## What needs to be done
Start to finish, print the entries exactly, and carry none of the pictures over.
== == ==
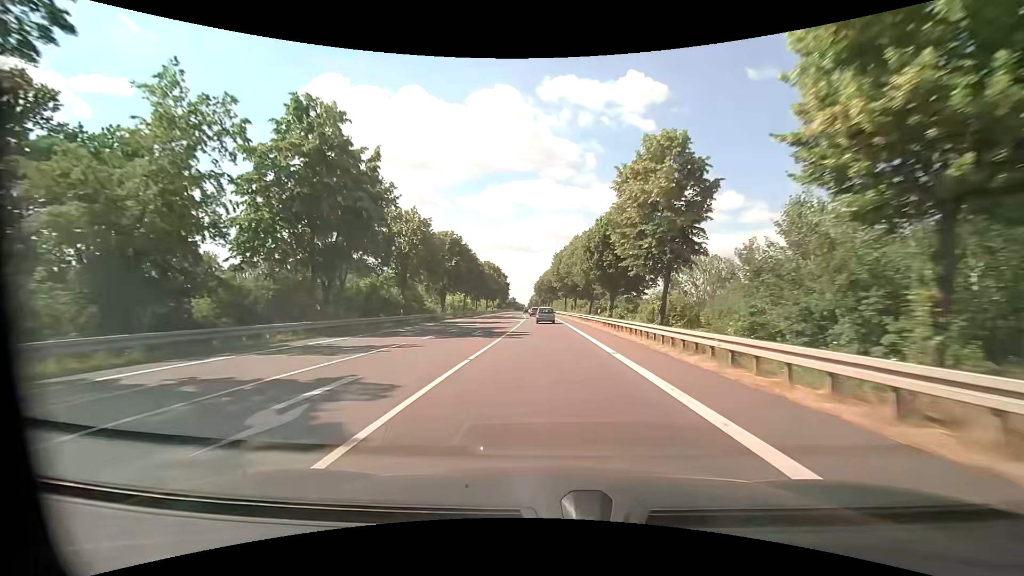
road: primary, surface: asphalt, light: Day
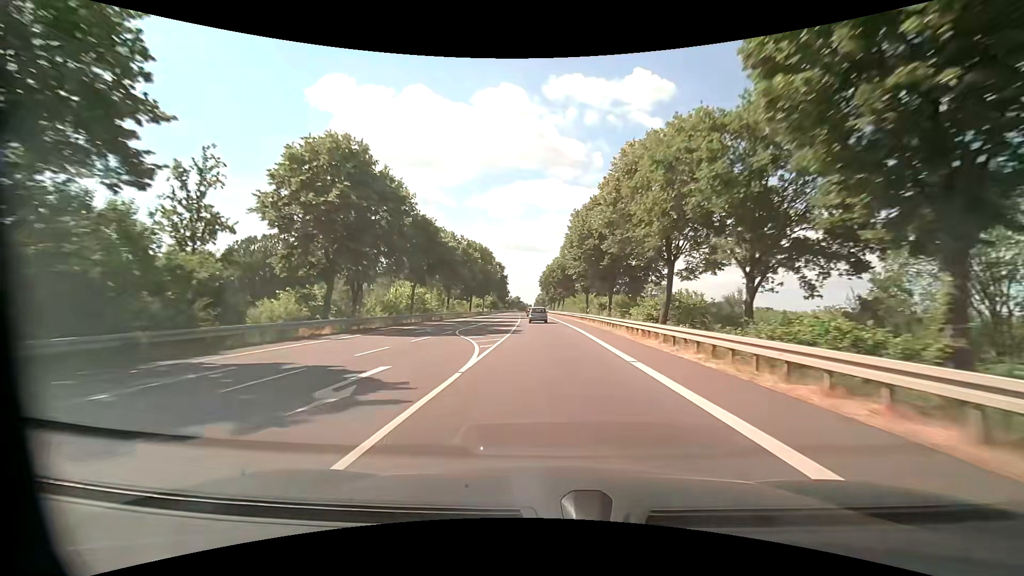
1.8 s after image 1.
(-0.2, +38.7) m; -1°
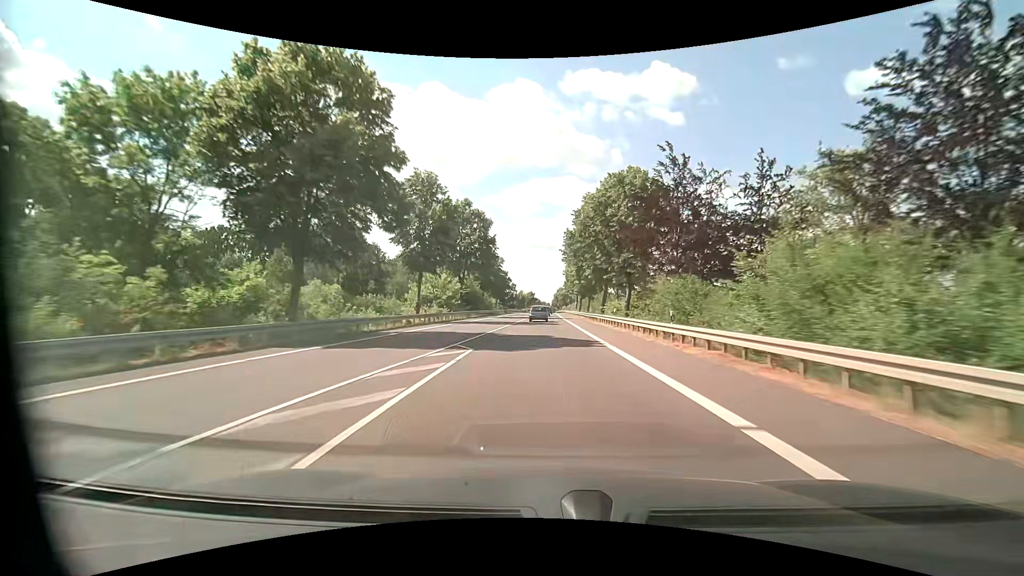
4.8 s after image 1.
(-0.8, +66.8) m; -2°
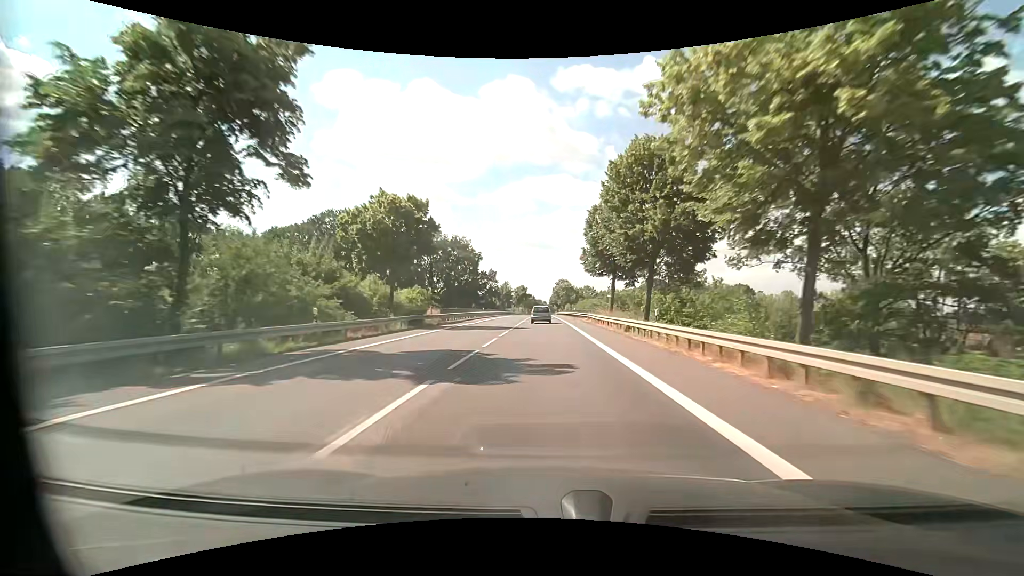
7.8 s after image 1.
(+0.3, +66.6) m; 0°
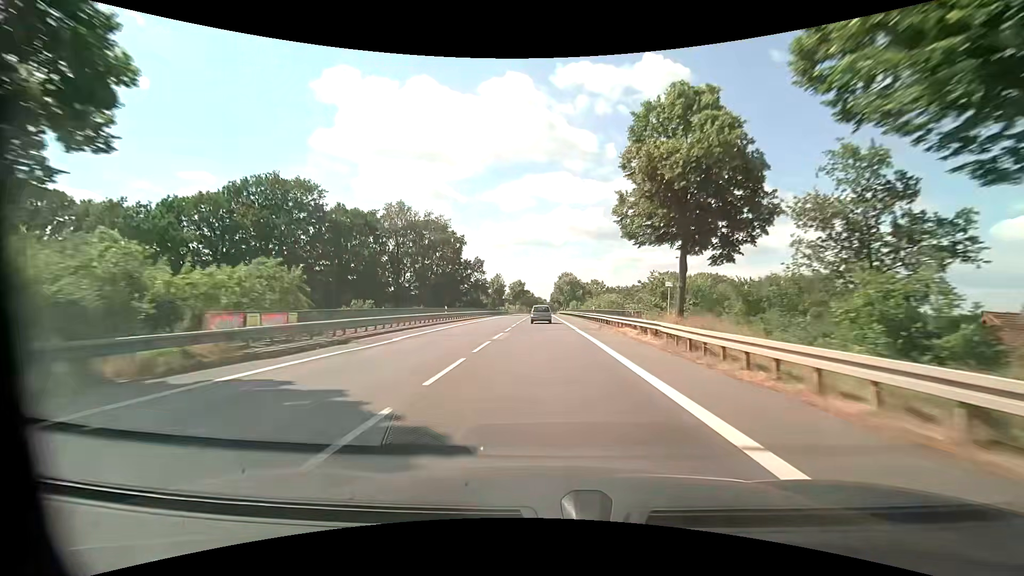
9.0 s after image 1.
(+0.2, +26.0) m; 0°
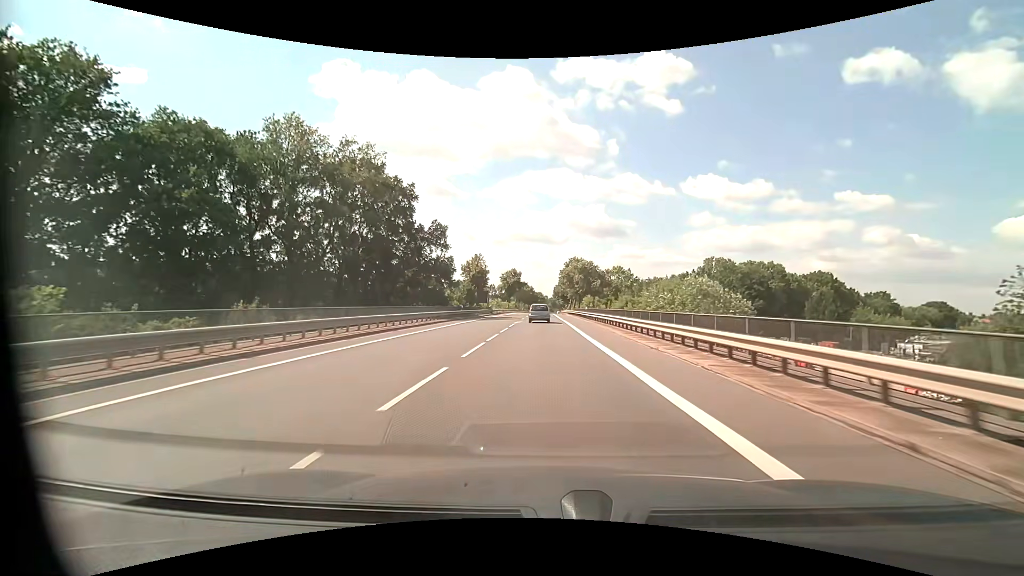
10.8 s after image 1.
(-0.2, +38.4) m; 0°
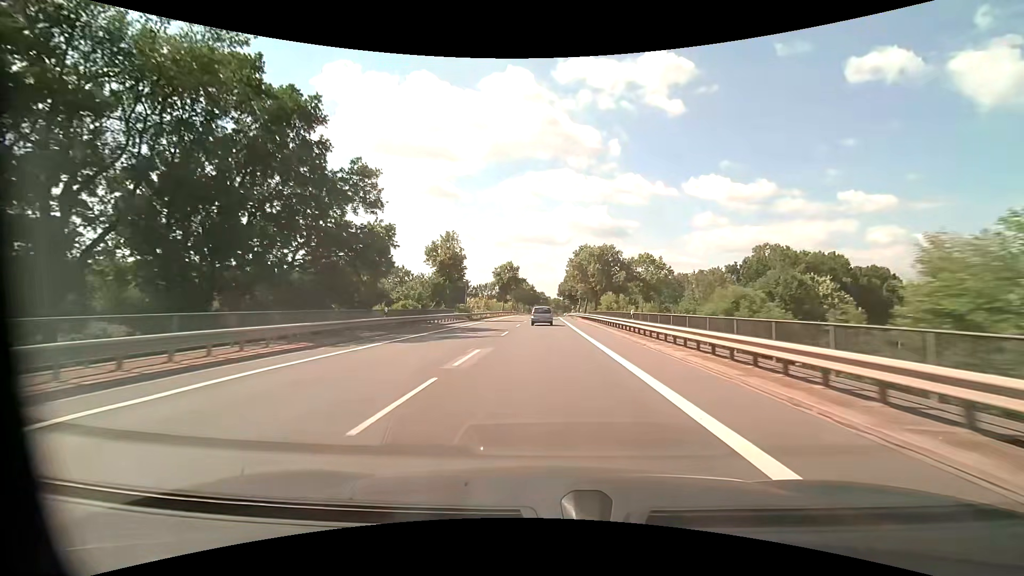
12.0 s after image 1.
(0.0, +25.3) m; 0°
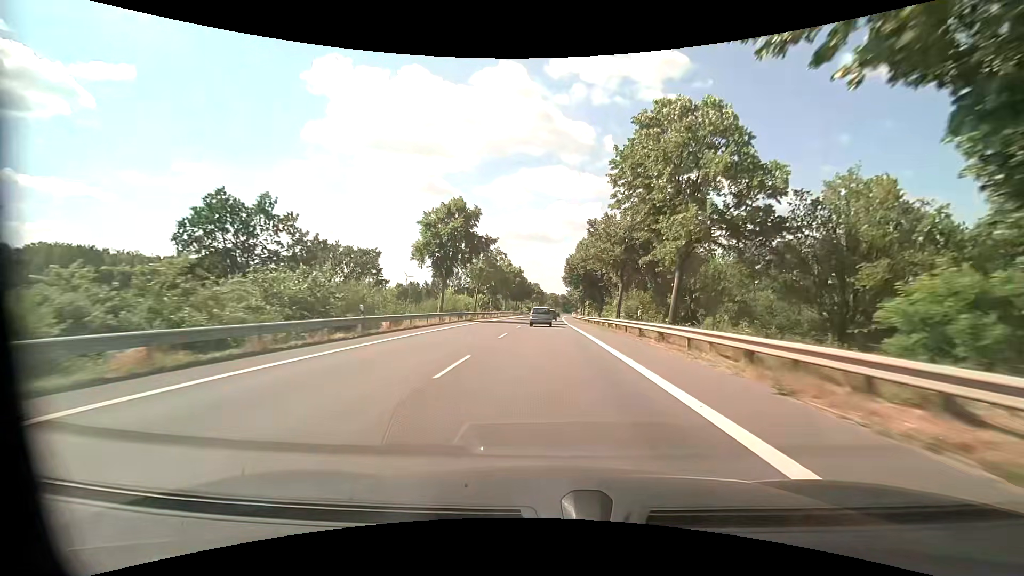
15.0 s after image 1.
== == ==
## Task result
road: primary, surface: asphalt, light: Day
1.8 s after image 1.
(-0.2, +38.7) m; -1°
4.8 s after image 1.
(-0.8, +66.8) m; -2°
7.8 s after image 1.
(+0.3, +66.6) m; 0°
9.0 s after image 1.
(+0.2, +26.0) m; 0°
10.8 s after image 1.
(-0.2, +38.4) m; 0°
12.0 s after image 1.
(0.0, +25.3) m; 0°
15.0 s after image 1.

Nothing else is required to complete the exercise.